→ **Material provided**
»»

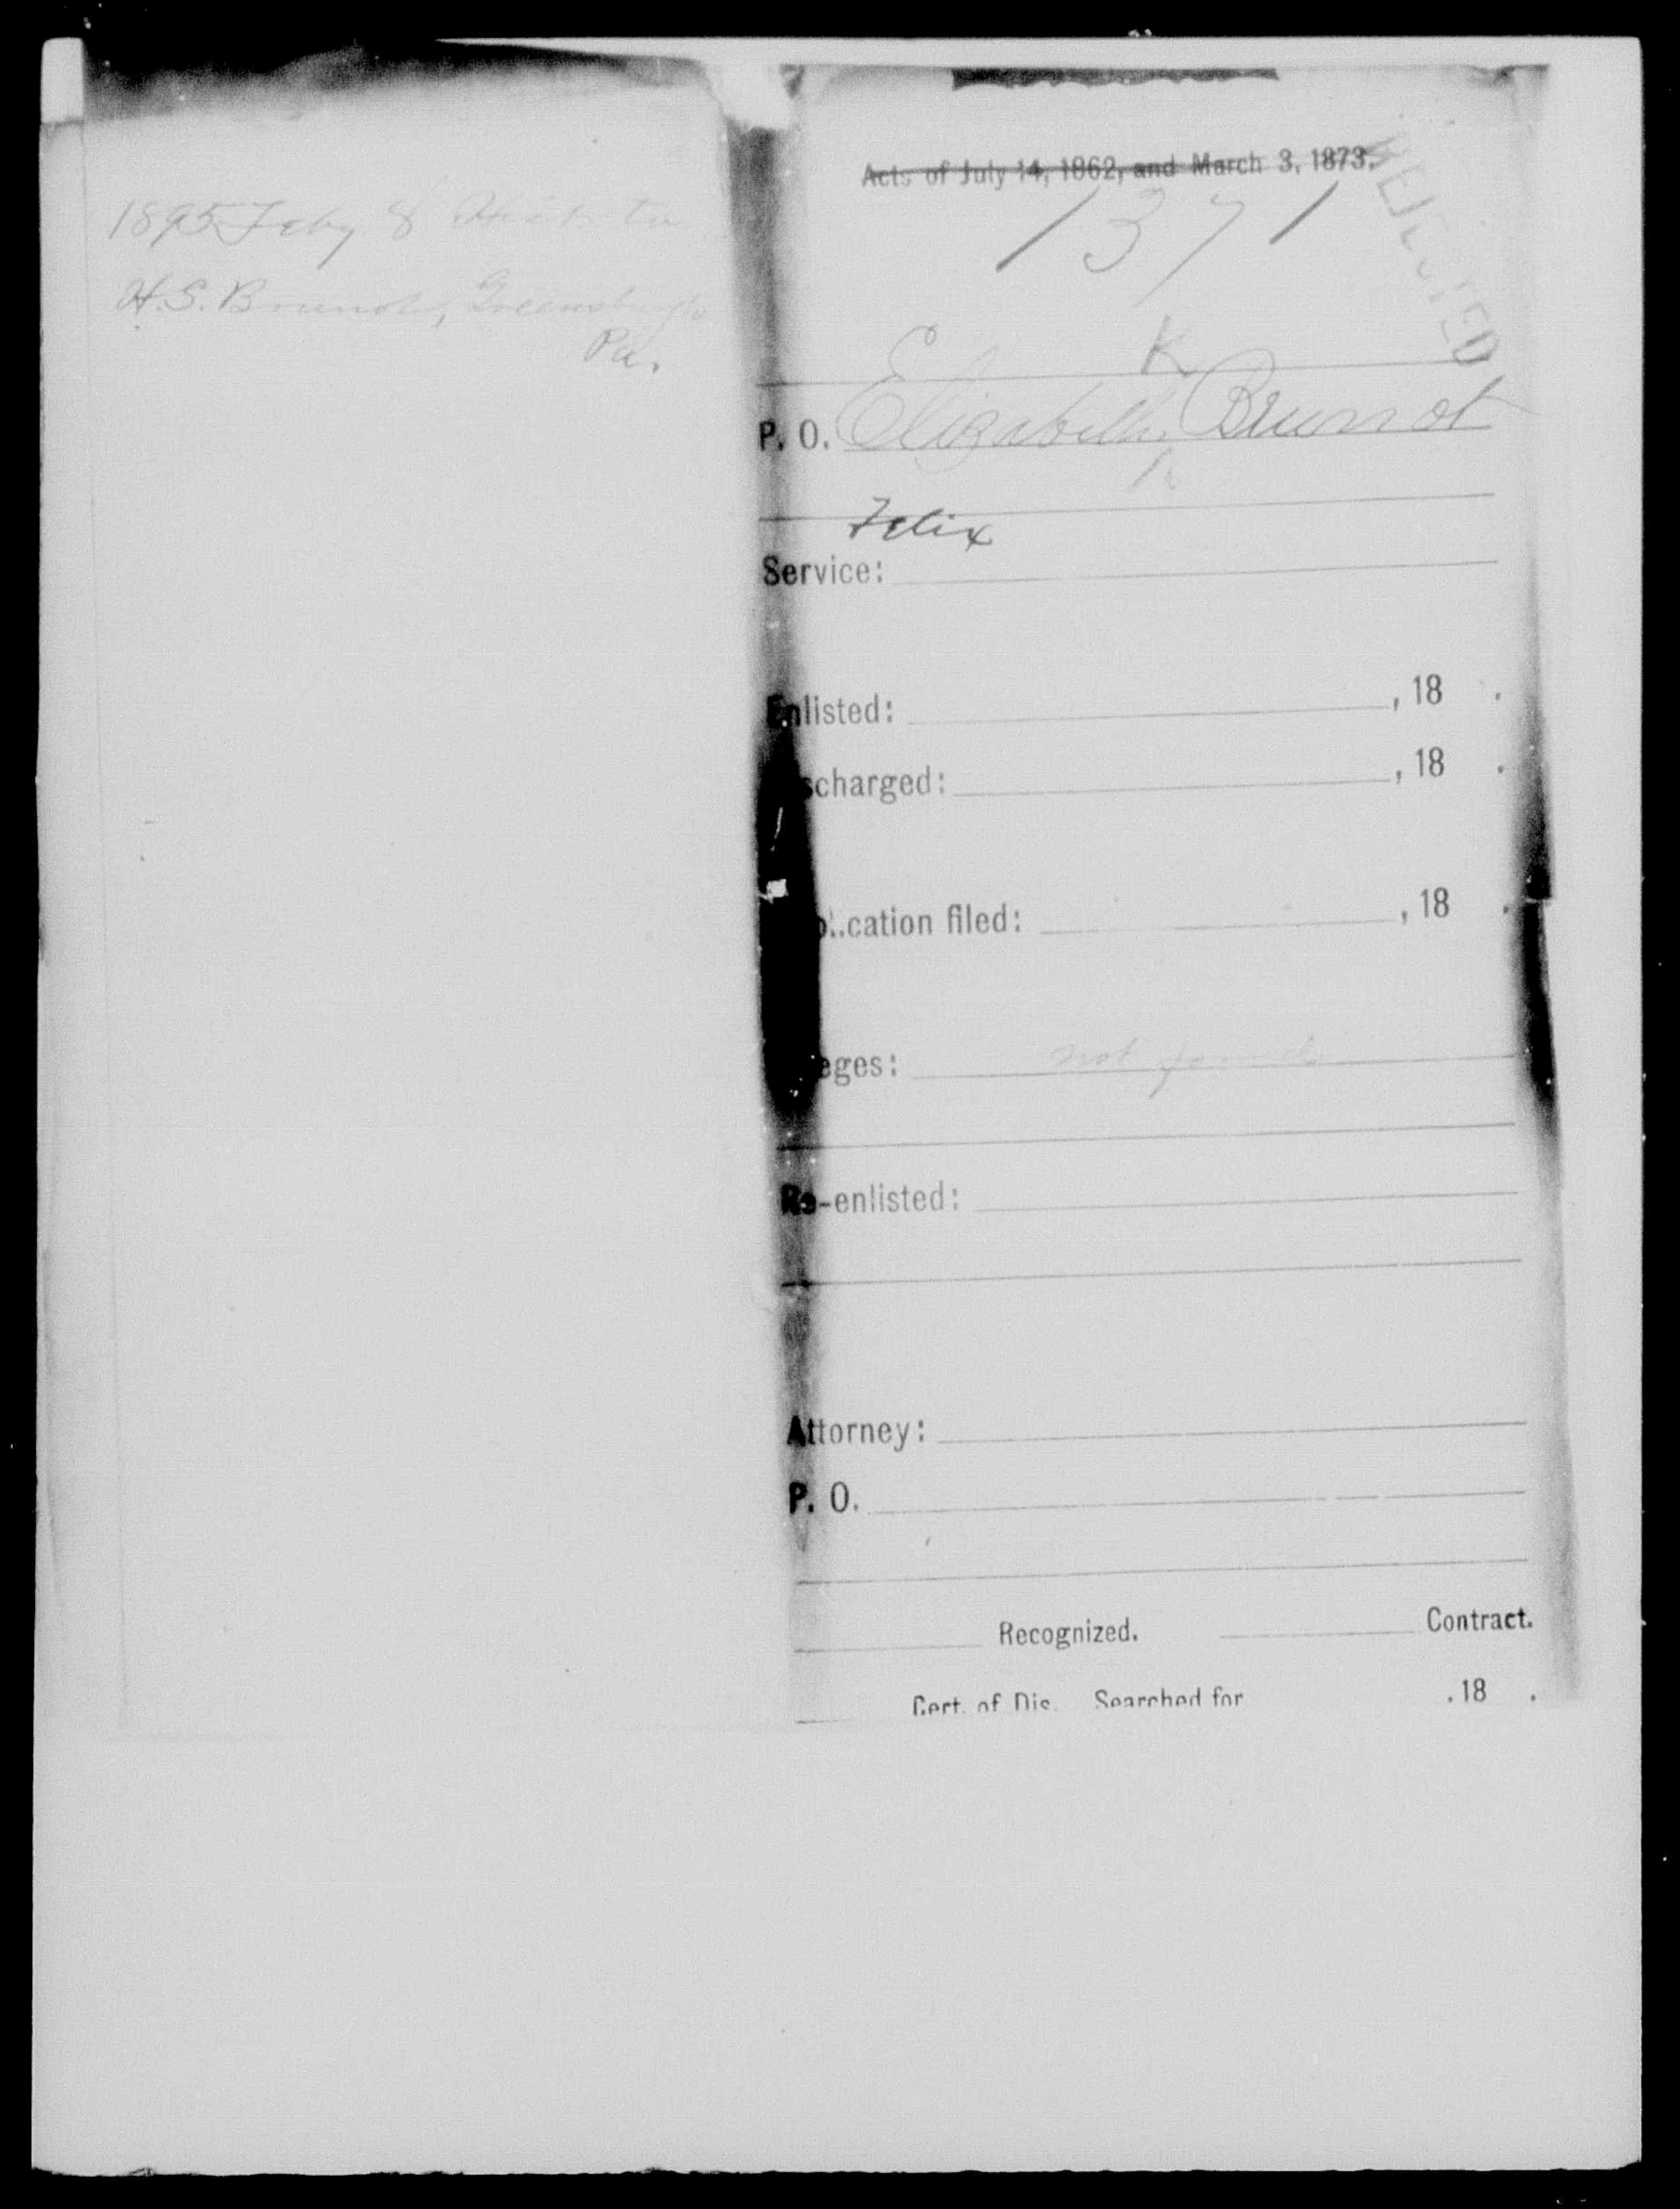1895 Feby [February] 8 [illegible]
H.S. Brunot, Greensburgh, PA
Acts of July 14, 1862, and March 3, 1873 [lined out]
[stamp:] REJECTED
1371
P.O Elizabeth Brunot
Felix
Service: 
Enlisted:      , 18    .
Discharged:   , 18  .
Application filed:   , 18  .
[illegible]eges: not found
Re-enlisted:
Attorney:
P.O.
   Recognized.    Contract.
   Cert. of Dis.  Searched for    , 18   .

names: H S Brunot, Elizabeth Brunot
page: 15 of 34
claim: rejected
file: R. 1371, Felix Brunot, Penn.

««

→ **Work instructions**
The answer must contain only the lines from the one with "[stamp:] REJECTED" to the end of the entries above, each written out exactly.

→ **Solution for this exercise**
[stamp:] REJECTED
1371
P.O Elizabeth Brunot
Felix
Service: 
Enlisted:      , 18    .
Discharged:   , 18  .
Application filed:   , 18  .
[illegible]eges: not found
Re-enlisted:
Attorney:
P.O.
   Recognized.    Contract.
   Cert. of Dis.  Searched for    , 18   .

names: H S Brunot, Elizabeth Brunot
page: 15 of 34
claim: rejected
file: R. 1371, Felix Brunot, Penn.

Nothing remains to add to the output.